Have you ever thought about this.
I changes everyday. There are things happening our grandparents would be so upset about. I am upset at times.
But, it is not my place to judge anyone. God is the only one that does that.
With that being said, lets think about life. Lets think about the changes that we have dealt with personally in the past 4 years. I lost a child. I lost friends. Losing a child was far worse and those friends I lost that can read this, all I can say is today, I realize it isn't really a loss. It just proved to me that sometimes you give all you can for a friend and they just can't figure out how to be one back, one that will give their all back.
I changed as a person. I grew.

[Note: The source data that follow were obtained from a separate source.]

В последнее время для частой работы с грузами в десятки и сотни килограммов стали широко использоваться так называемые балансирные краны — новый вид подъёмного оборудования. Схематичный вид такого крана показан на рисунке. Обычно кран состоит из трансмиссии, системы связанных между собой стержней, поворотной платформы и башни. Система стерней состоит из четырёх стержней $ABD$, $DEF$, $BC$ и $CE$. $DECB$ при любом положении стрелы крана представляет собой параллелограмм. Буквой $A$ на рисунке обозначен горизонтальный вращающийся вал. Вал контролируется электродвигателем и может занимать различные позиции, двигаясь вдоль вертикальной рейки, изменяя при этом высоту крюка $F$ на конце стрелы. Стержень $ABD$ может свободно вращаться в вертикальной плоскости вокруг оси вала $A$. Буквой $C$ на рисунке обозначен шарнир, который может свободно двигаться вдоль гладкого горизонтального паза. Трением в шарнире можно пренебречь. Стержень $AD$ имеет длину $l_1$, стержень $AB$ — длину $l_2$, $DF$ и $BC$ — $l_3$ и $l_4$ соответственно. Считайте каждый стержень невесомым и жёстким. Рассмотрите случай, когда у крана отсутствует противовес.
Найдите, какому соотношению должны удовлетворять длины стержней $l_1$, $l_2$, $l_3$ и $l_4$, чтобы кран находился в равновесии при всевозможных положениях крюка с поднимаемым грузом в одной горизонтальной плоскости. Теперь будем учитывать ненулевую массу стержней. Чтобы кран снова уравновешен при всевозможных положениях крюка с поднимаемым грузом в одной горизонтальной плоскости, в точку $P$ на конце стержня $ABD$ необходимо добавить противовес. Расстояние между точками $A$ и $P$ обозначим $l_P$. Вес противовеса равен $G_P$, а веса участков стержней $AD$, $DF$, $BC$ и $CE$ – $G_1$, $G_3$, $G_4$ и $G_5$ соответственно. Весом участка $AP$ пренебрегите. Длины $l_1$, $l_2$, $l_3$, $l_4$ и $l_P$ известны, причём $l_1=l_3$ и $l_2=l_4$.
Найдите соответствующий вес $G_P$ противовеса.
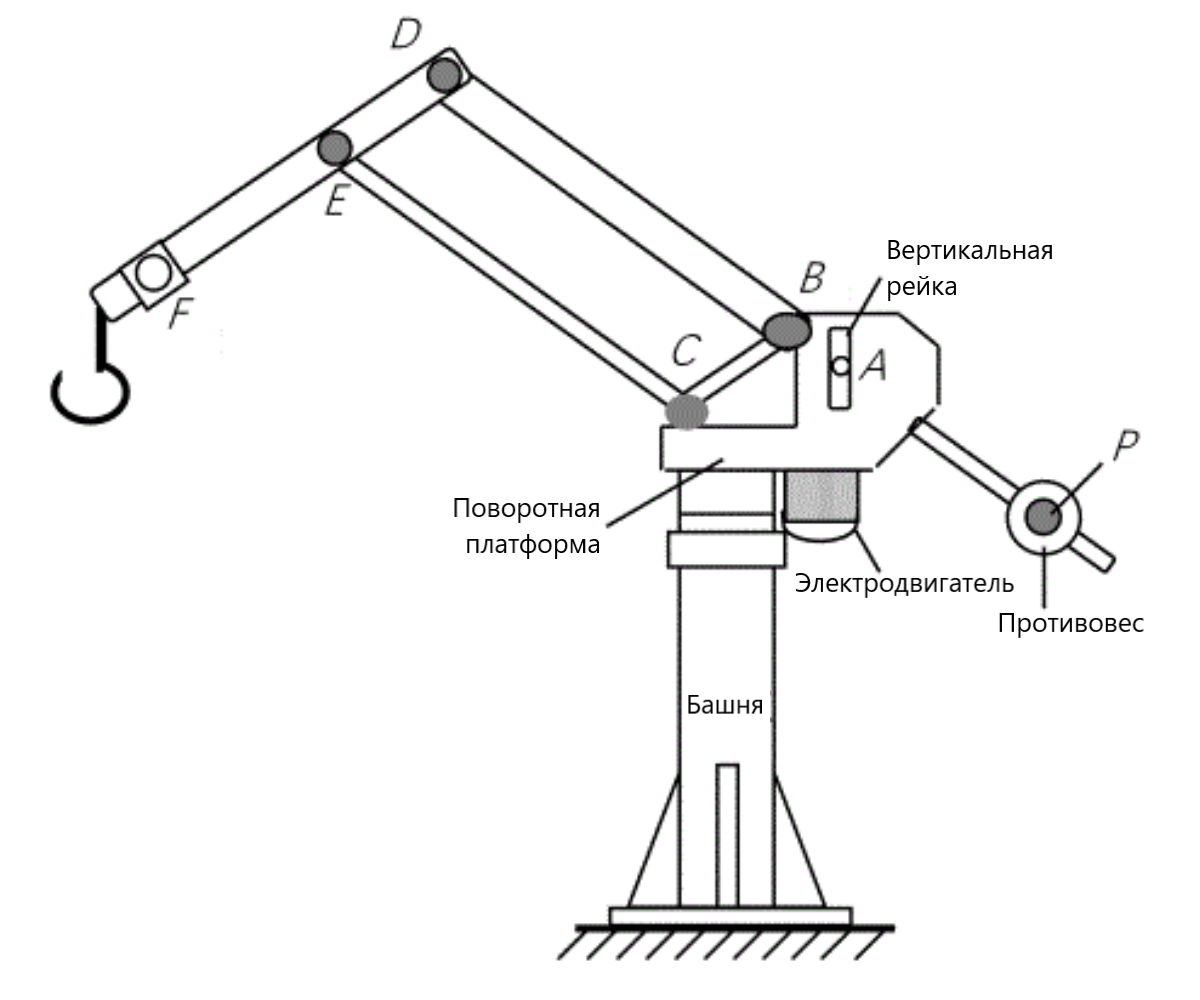
Найдите, какому соотношению должны удовлетворять длины стержней $l_1$, $l_2$, $l_3$ и $l_4$, чтобы кран находился в равновесии при всевозможных положениях крюка с поднимаемым грузом в одной горизонтальной плоскости.
Ответ: \[\frac{l_1}{l_2}=\frac{l_3}{l_4}.\]

Найдите соответствующий вес $G_P$ противовеса.
Ответ: \[G_P=\frac{1}{2l_P}\left[G_1l_1+G_3l_1+G_4l_2+G_5\left(l_1-l_2\right)\right].\]
Темы:
T, Механика, Статика, Китайские, Реальная механическая система
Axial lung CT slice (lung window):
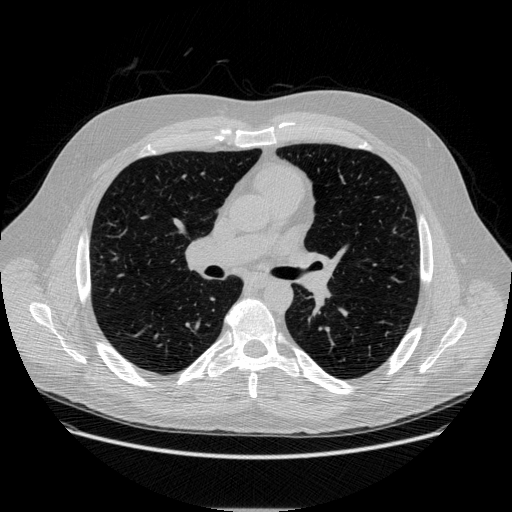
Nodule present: no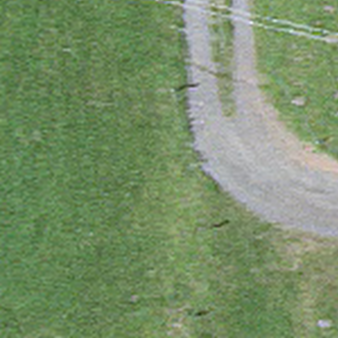
Label: other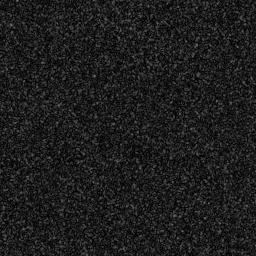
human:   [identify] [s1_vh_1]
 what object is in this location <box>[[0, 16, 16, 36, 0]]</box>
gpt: <ref>1 large ship at the top left</ref>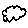
Label: cloud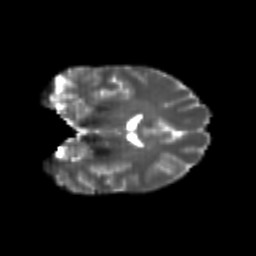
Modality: T2w
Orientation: coronal
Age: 26
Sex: female
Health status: healthy
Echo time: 0.074 s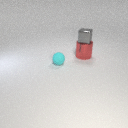
small cyan rubber sphere to the left of large red metal cylinder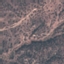
Land use / land cover class: HerbaceousVegetation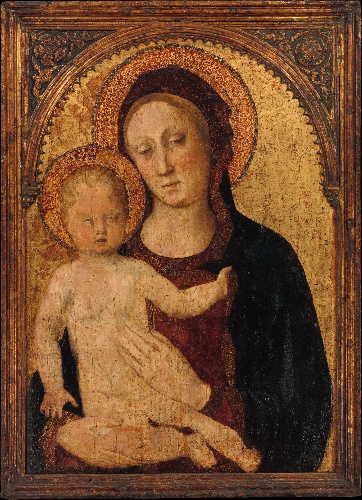
Title: Madonna and Child
Artist: Jacopo Bellini
Artist bio: Italian, Venetian, active 1424–70
Date: probably 1440s
Object type: Painting
Classification: Paintings
Medium: Tempera on wood, gold ground
Dimensions: Overall, with arched top, 34 1/2 x 25 in. (87.6 x 63.5 cm); painted surface 30 1/2 x 21 3/4 in. (77.5 x 55.2 cm)
Department: European Paintings
Credit line: Gift of Irma N. Straus, 1959
Accession year: 1959
Repository: Metropolitan Museum of Art, New York, NY
Tags: Madonna and Child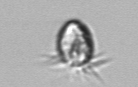
Label: Ciliophora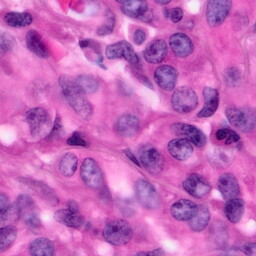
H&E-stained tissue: Pancreatic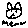
Label: cat

I have been at rock bottom and I have been at the middle, cannot honestly stay the top.
I have almost lost my faith and I have 100% faith right now in God.
I am straightforward, honest and I realize that doesn't get you a lot of friends, just the right ones.
I do not hold grudges, I could care less what you said to me in 2nd grade but, if you ever said anything against my children, I do hold that grudge and I can guarantee you aren't my friend. And yes, I have stopped talking to someone for that reason.
If you do no like who someone I am friends withs friend, who cares.
The world is changing. How you change with it is all on you. I have my faith, my god and my goal. Heaven. Lezlie is waiting.
Deutoronomy 31:8 “The Lord himself goes before you and will be with you; He will never leave you nor forsake you. Do not be afraid; do not be discouraged.”